62% dos brasileiros vão usar o 13 º para pagar dívidas
Dezembro vai ter mais pagamento de dívidas e menos compras de Natal. É o que revela pesquisa da Associação Nacional dos Executivos de Finanças, Administração e Contabilidade (Anefac) feita com 612 brasileiros de todas as classes sociais. A maioria dos brasileiros (62%) pretende usar o 13º salário para pagar dívidas, 1,64% a mais do que em 2012, segundo o levantamento. Apenas 14% pretendem usar o dinheiro para comprar presentes de Natal, 12,5% a menos que no ano passado (veja quadro). O rendimento extra vai ser pago no dia 30 e em 20 de dezembro.
Os números da Anefac mostram que os brasileiros estão com mais dificuldades financeiras e maiores preocupações com os gastos neste ano, devido à alta da inflação, à taxa de juros e à redução da atividade econômica. “Como os consumidores vão usar mais dinheiro para pagar as dívidas, sobra menos para os presentes”, diz Miguel Ribeiro de Oliveira, diretor-executivo de Estudos e Pesquisas Econômicas da Anefac.
O executivo ressalta que foi um ano difícil na vida das pessoas, que estão mais preocupadas em poupar. O levantamento mostra também que 77% dos consumidores têm dívidas no cheque especial e no cartão de crédito, e pretendem usar os recursos do 13º salário para quitar o débito. Houve redução de 14,29% na quantidade de consumidores com dívidas atrasadas no comércio.

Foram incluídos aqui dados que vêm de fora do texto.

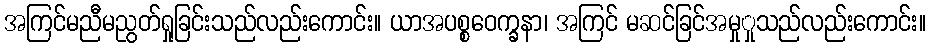
အကြင်မညီမညွတ်ရှုခြင်းသည်လည်းကောင်း။ ယာအပစ္စဝေက္ခနာ၊ အကြင် မဆင်ခြင်အမှုှုသည်လည်းကောင်း။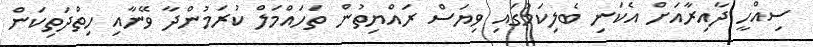
ސިއްހީ ދާއިރާއަށް އެކަނި ބެލިކަމުގައި ވިޔަސް ރައްޔިތުން ތަހައްމަލް ކުރަމުންދާ ވޭނާއި ހިތްދަތިކަން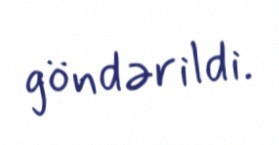
göndərildi.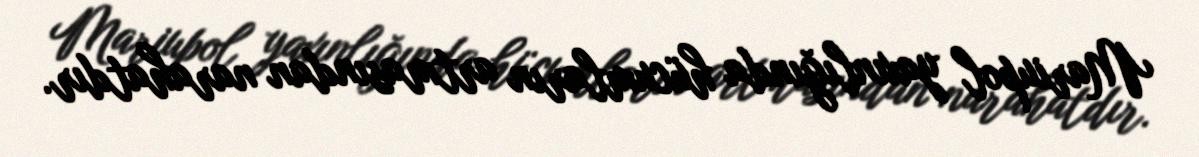
Mariupol yaxınlığında hücumların artmasından narahatdır.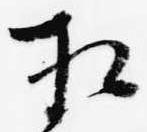
相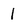
Character: 1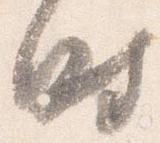
時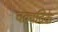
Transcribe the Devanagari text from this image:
चक्रादिके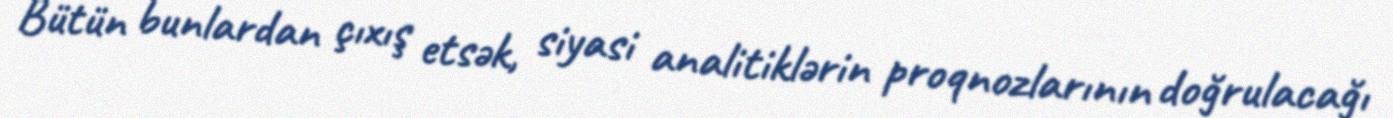
Bütün bunlardan çıxış etsək, siyasi analitiklərin proqnozlarının doğrulacağı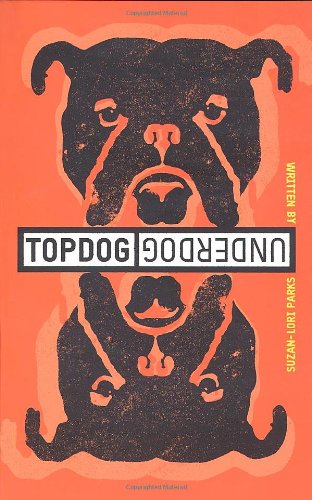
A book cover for Topdog/Underdog; Suzan-Lori Parks; Literature & Fiction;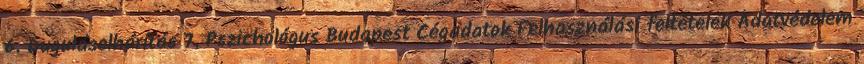
6. Duguláselhárítás 7. Pszichológus Budapest Cégadatok Felhasználási feltételek Adatvédelem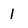
Character: 1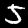
Label: 5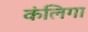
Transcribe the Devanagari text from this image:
कंलिगा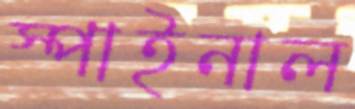
স্পাইনাল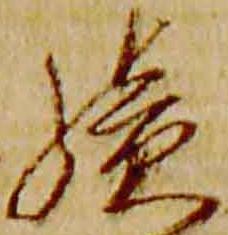
続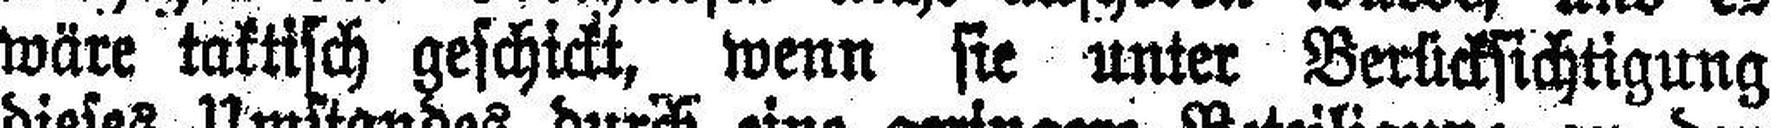
wäre taktisch geschickt, wenn sie unter Berücksichtigung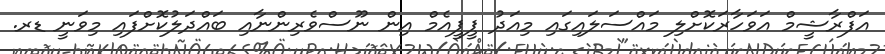
އަފްރާޝީމް އަވަހާރަކޮށްލި މައްސަލައިގައި މިއަދު ޕީޕީއެމް އިން ނޫސްވެރިންނާއި ބައްދަލުކޮށްފައި މިވަނީ ޑރ.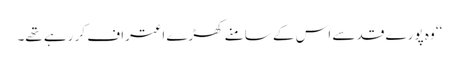
‘‘ وہ پورے قد سے اس کے سامنے کھڑے اعتراف کر رہے تھے۔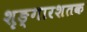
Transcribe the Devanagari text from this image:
शृङ्गारशतक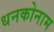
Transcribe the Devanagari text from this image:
धनकोनाम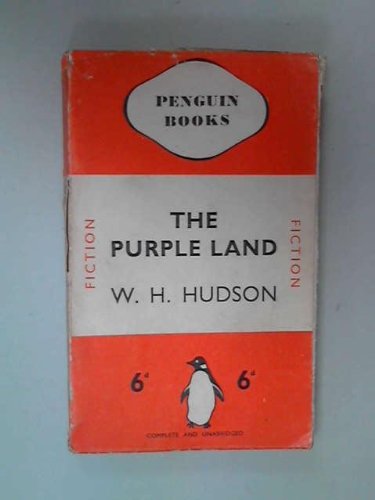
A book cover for The purple land;: Being the narrative of one Richard Lamb's adventures in the Banda OrientaÃEÂEl, in South America, as told by himself, (Cameo classics); W. H Hudson; Travel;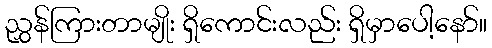
ညွှန်ကြားတာမျိုး ရှိကောင်းလည်း ရှိမှာပေါ့နော်။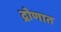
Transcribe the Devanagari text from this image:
द्रोणात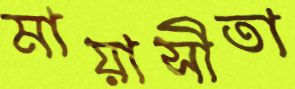
মায়াসীতা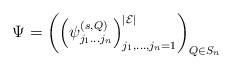
LaTeX: \begin{align*}\Psi=\left(\left(\psi_{j_1\dots j_n}^{(s,Q)}\right)_{j_1,\dots,j_n=1}^{|\mathcal{E}|}\right)_{Q\in S_n}\end{align*}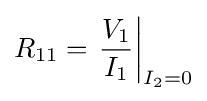
R_{11}=\left.{\frac {V_{1}}{I_{1}}}\right|_{I_{2}=0}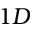
1 D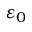
\varepsilon _ { 0 }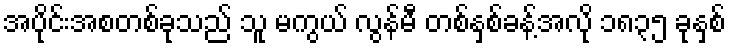
အပိုင်းအစတစ်ခုသည် သူ မကွယ် လွန်မီ တစ်နှစ်ခန့်အလို ၁၈၃၅ ခုနှစ်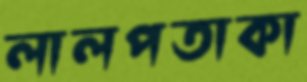
লালপতাকা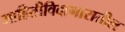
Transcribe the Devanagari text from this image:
माहितीविदागारातील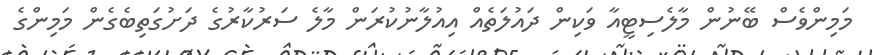
މަމިންވެސް ބޭނުން މާލެސިޓީއާ ވަކިން ދައުލަތެއް އިއުލާނުކުރަން މާލެ ސަރުކާރުގެ ދަށުގަތިބެގެން މަމިންގެ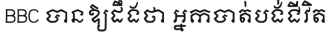
BBC បានឱ្យដឹងថា អ្នកបាត់បង់ជីវិត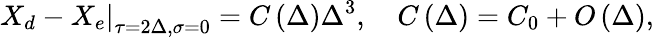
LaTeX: \left.X_{d}-X_{e}\right|_{\tau=2\Delta,\sigma=0}=C\left(\Delta\right)\Delta^{3},\quad C\left(\Delta\right)=C_{0}+O\left(\Delta\right),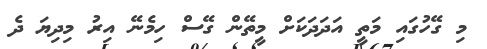
މި ގޭހުގައި މަތީ އަދަދަކަށް މީތޭން ގޭސް ހިމެނޭ އިރު މިދިޔަ ދެ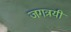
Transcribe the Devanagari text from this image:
जगत्रयी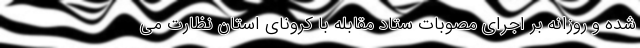
شده و روزانه بر اجرای مصوبات ستاد مقابله با کرونای استان نظارت می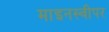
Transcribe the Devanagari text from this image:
माइनस्वीपर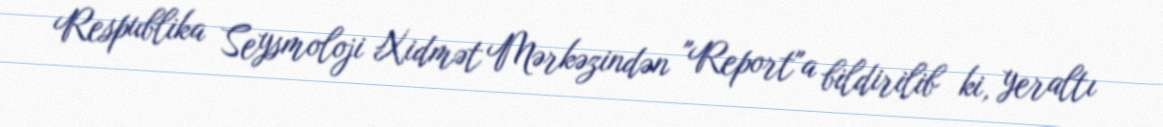
Respublika Seysmoloji Xidmət Mərkəzindən "Report"a bildirilib ki, yeraltı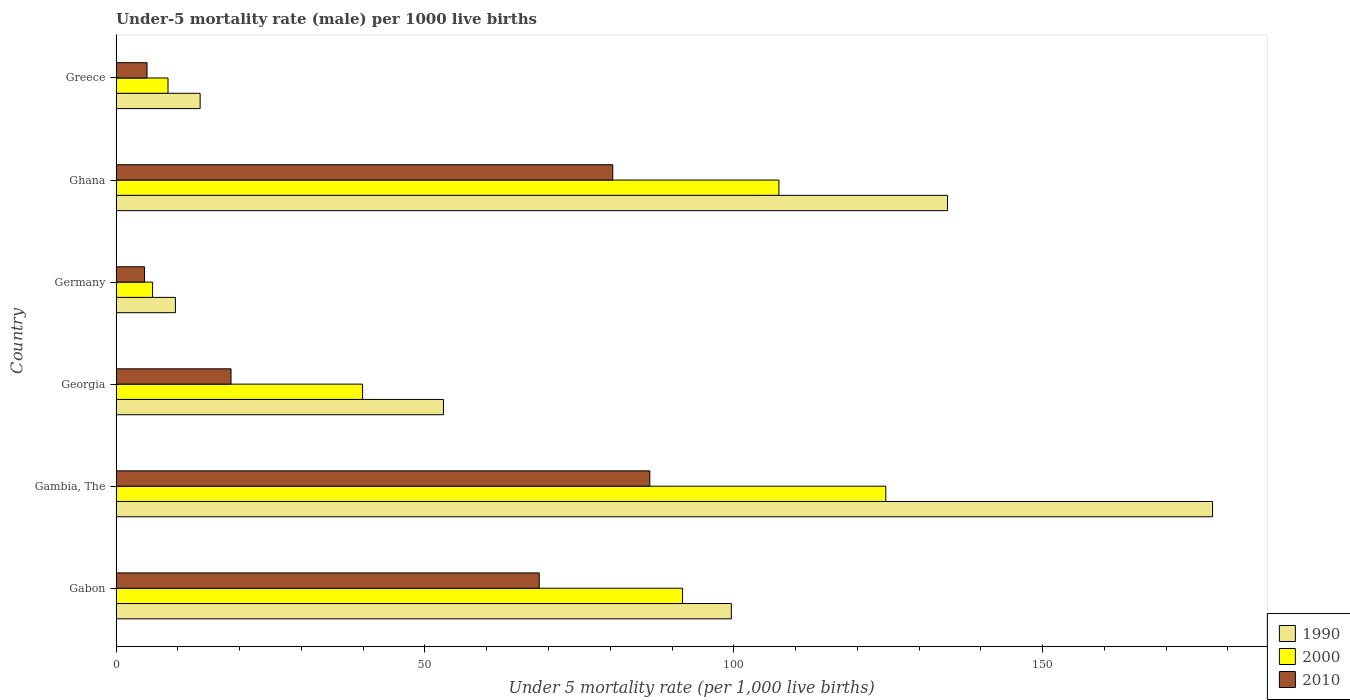
| Country | 1990 | 2000 | 2010 |
 | --- | --- | --- | --- |
 | Gabon | 99.6 | 91.7 | 68.5 |
 | Gambia, The | 178 | 125 | 86.4 |
 | Georgia | 53 | 39.9 | 18.6 |
 | Germany | 9.6 | 5.9 | 4.6 |
 | Ghana | 135 | 107 | 80.4 |
 | Greece | 13.6 | 8.4 | 5 |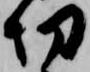
切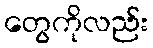
တွေကိုလည်း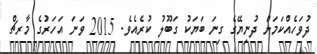
ދުވަހެއްކަމަށް ދުނިޔޭގެ ގިނަ ބަޔަކު ގަބޫލު ކުރެއެވެ. 2015 ވަނަ އަހަރުގެ މާރޗް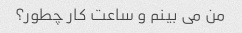
من می بینم و ساعت کار چطور؟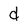
Character: d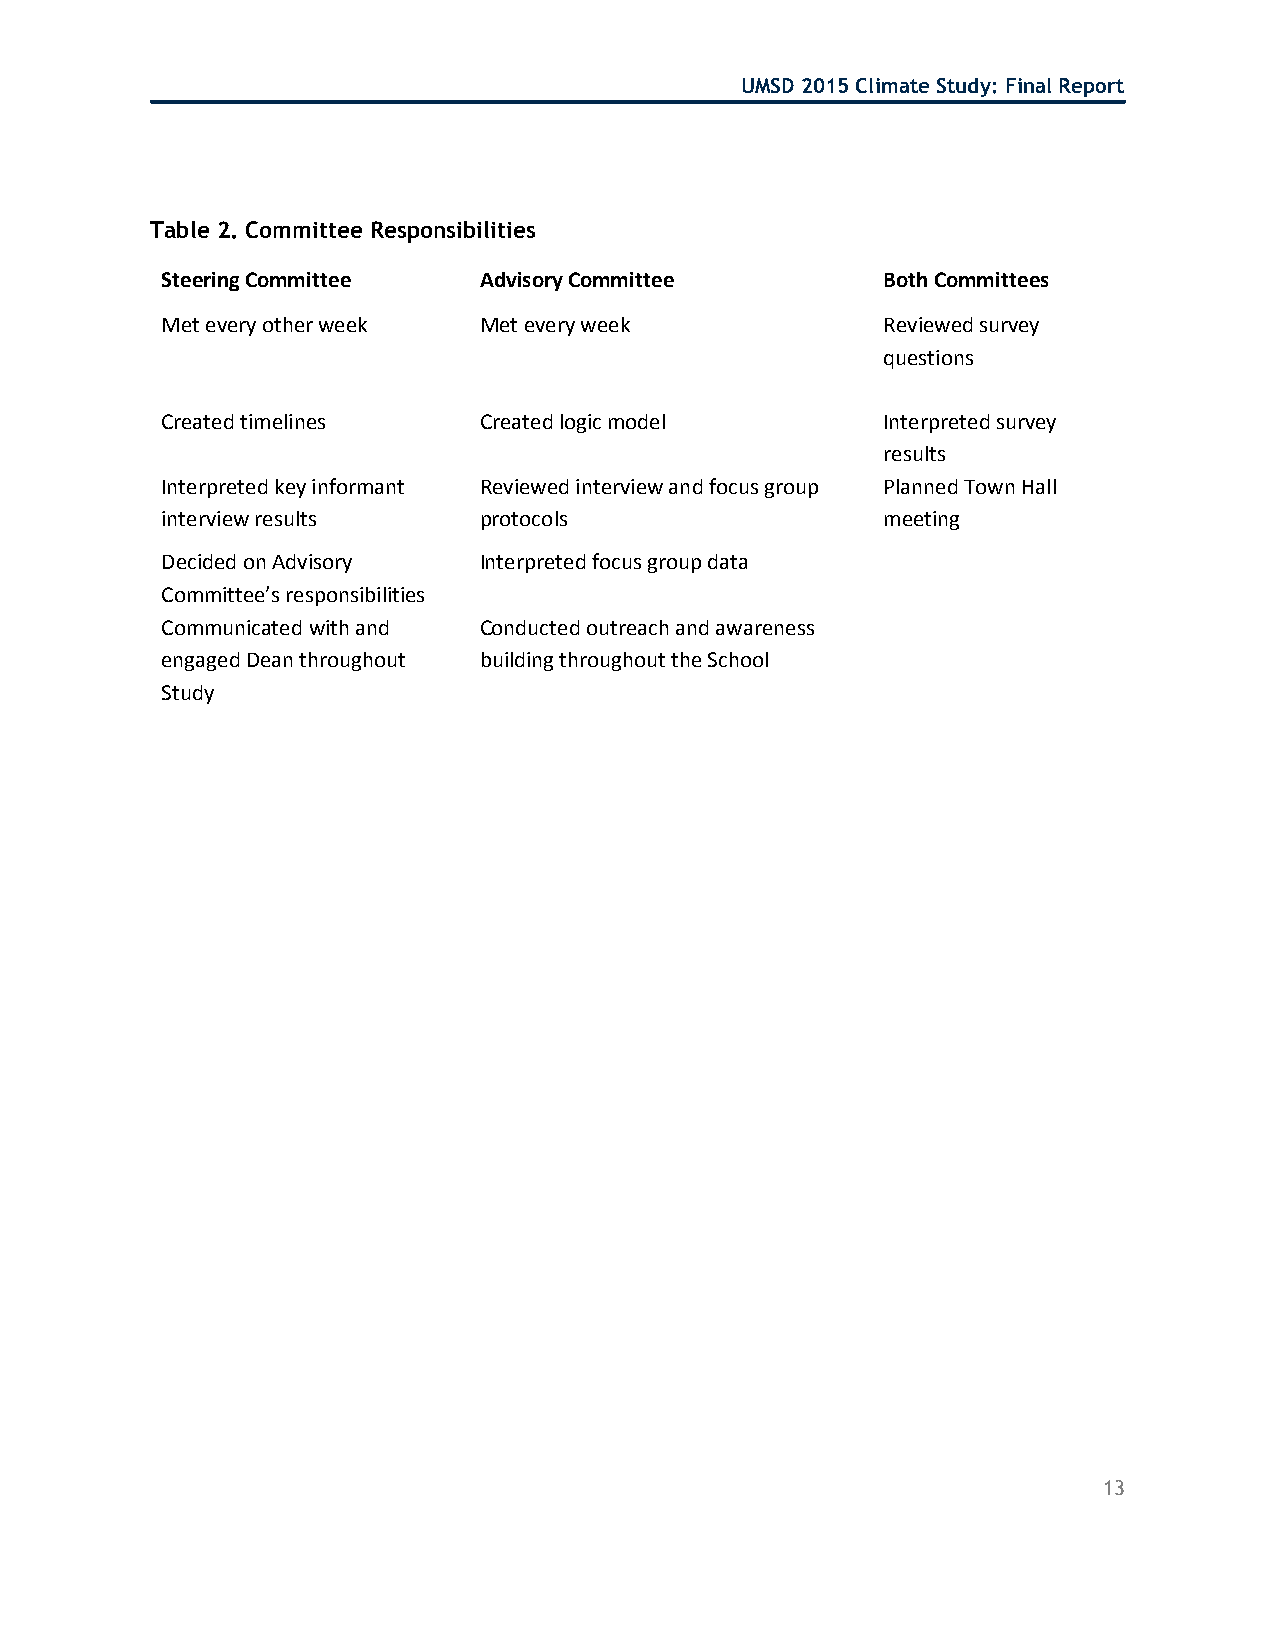
UMSD 2015 Climate Study: Final Report
 Table 2. Committee Responsibilities
 Steering Committee   Advisory Committee        Both Committees
 Met every other week Met every week            Reviewed survey
 questions
 Created timelines    Created logic model       Interpreted survey
 results
 Interpreted key informant Reviewed interview and focus group Planned Town Hall
 interview results    protocols                 meeting
 Decided on Advisory  Interpreted focus group data
 Committee’s responsibilities
 Communicated with and Conducted outreach and awareness
 engaged Dean throughout building throughout the School
 Study
 13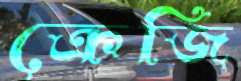
ক্রেজি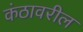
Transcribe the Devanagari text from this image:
कंठावरील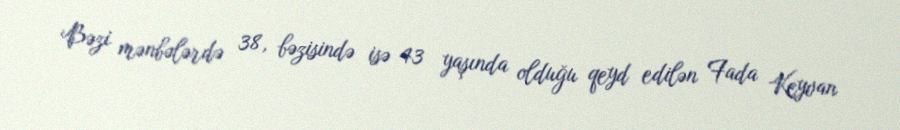
Bəzi mənbələrdə 38, bəzisində isə 43 yaşında olduğu qeyd edilən Fada Keyvan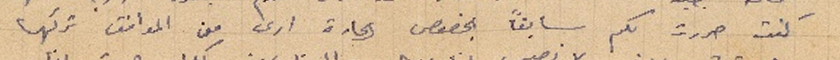
كنت حررت لكم سابقاً بخصوص الحارة ارى من الموافق تركها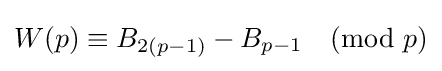
W(p)\equiv B_{2(p-1)}-B_{p-1}{\pmod {p}}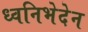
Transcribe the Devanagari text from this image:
ध्वनिभेदेन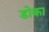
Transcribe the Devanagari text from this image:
डोका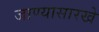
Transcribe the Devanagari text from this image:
जाण्यासारखे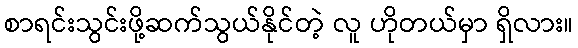
စာရင်းသွင်းဖို့ဆက်သွယ်နိုင်တဲ့ လူ ဟိုတယ်မှာ ရှိလား။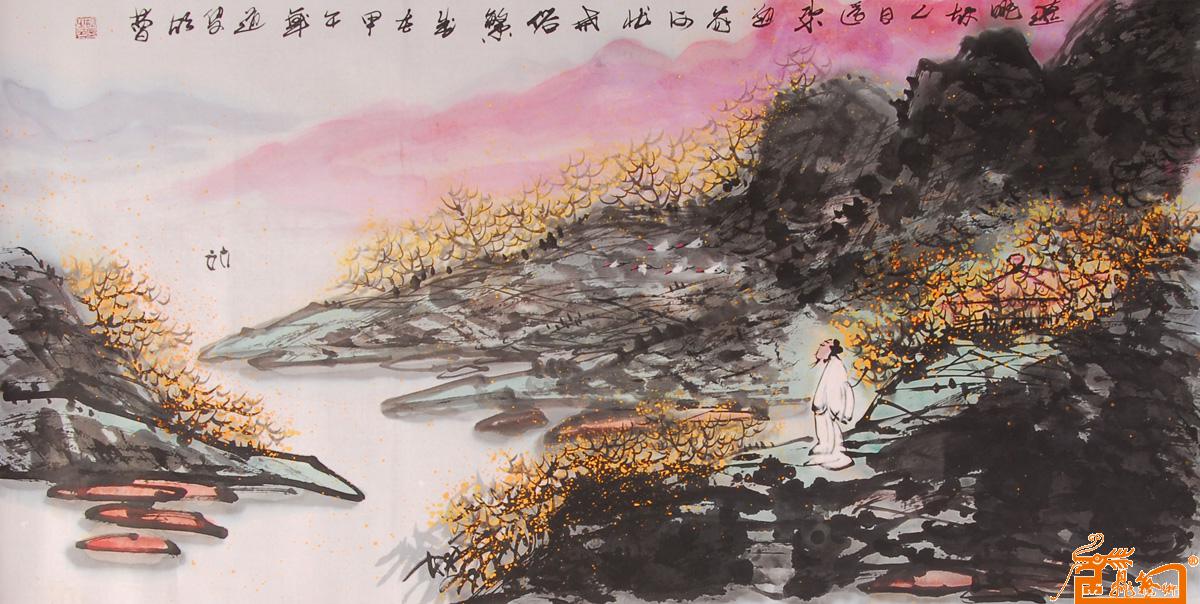
河西幕中多故人，故人别来三五春。

O diretor da Anefac dá algumas dicas para o consumidor usar o 13º. Segundo ele, é preciso dar preferência ao pagamento de dívidas, principalmente aquelas que embutem encargos maiores, como o cartão de crédito rotativo e o cheque especial, em que a média da taxa de juros atinge 9,37% ao mês (192,94% ao ano) e 7,83% ao mês (147,10% ao ano), respectivamente. Ele ressalta ainda que é preciso reservar valores para as compras de Natal e despesas de início de ano, como IPTU, IPVA, material escolar, para evitar entrar novamente entrar no vermelho no começo do próximo ano. Se sobrar algum valor, é importante aplicar em fundo de renda fixa ou caderneta de poupança.
Se for fazer algum financiamento, Oliveira recomenda que sejam pesquisadas as taxas de juros. “E é bom evitar comprometer muito o orçamento com dívidas”, lembra. Os empréstimos a longo prazo devem ser evitados, pois além de representarem custos maiores, comprometem a renda por período mais longo. É importante também evitar entrar no cheque especial e dívida no cartão de crédito. “O cheque especial não é renda. Por isso, deve ser usado por período curto e emergencial”, explica o executivo.